Regions Liège

A la poursuite des particules fines dans l’air que les Liégeois respirent

Distribution, et explications, des divers boîtiers de mesures des différents polluants, ce lundi matin

© Michel Gretry

Pendant toute cette dernière semaine de mars, des volontaires sillonnent la ville, avec au dos un sac mauve. Ils sont piétons ou cyclistes, et plus rarement automobilistes. Ils transportent plusieurs boîtiers qui mesurent la présence de charbon noir, un élément issu des gaz d’échappement des véhicules automobiles, mais également des particules fines ou ultra-fines, parfois rejetées dans l’atmosphère par les appareils de chauffage domestique. Ils doivent parcourir un circuit déterminé, sur les boulevards, dans des rues plus étroites ou à travers des parcs publics. Ils sont géolocalisés, de façon à savoir précisément où et quand les concentrations sont nocives. Un écran leur permet, en temps réel, de voir si les taux correspondent à leur ressenti olfactif. Les pollutions sont parfois inodores…

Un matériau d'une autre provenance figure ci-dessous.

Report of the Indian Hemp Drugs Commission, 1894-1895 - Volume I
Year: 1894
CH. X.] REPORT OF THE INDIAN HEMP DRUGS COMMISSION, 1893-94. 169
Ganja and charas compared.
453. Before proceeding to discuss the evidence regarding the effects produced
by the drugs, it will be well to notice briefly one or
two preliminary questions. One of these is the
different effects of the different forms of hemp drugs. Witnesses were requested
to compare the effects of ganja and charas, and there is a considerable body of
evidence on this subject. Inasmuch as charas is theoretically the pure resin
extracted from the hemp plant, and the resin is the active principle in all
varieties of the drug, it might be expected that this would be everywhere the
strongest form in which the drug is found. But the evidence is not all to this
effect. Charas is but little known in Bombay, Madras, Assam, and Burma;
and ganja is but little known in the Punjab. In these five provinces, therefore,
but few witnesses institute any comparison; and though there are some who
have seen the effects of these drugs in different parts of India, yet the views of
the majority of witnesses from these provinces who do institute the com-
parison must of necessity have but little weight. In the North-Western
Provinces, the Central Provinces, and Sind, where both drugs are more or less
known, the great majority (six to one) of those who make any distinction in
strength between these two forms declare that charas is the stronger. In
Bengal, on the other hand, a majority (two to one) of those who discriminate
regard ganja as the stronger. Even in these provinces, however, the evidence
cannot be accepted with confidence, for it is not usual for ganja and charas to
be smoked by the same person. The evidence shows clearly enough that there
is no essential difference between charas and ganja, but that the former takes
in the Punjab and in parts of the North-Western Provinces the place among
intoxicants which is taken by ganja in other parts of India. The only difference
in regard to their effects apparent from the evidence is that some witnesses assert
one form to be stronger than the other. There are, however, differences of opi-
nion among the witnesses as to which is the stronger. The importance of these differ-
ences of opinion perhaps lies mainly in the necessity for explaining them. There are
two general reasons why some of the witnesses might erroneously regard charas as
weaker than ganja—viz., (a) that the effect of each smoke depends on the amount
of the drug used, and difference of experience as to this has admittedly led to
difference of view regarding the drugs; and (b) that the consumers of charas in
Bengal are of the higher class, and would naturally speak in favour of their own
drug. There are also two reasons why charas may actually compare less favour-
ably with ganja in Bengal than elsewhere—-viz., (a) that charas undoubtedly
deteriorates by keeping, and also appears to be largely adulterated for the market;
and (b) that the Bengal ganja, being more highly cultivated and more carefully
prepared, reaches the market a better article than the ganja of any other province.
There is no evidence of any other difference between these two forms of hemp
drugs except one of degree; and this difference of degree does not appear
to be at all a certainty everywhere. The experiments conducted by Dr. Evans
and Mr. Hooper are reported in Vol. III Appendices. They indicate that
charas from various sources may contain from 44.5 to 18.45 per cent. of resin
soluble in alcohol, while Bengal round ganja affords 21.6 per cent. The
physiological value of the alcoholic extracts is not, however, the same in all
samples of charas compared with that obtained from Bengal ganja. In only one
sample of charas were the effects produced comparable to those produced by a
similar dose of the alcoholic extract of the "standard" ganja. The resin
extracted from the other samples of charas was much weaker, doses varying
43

Un exemple du graphique que les participants peuvent découvrir à l'issue de leur parcours
Un exemple du graphique que les participants peuvent découvrir à l'issue de leur parcours © Tous droits réservés

C’est donc, en collaboration avec l'ISSeP, une expérience de "science citoyenne": l’objectif, c’est évidemment de dresser une cartographie des endroits où les pouvoirs publics doivent intervenir ; mais c’est également l’appropriation de savoirs par madame ou monsieur tout-lez-monde, comme lors d’une précédente campagne, avec des capteurs fixes, sur les façades de maisons. .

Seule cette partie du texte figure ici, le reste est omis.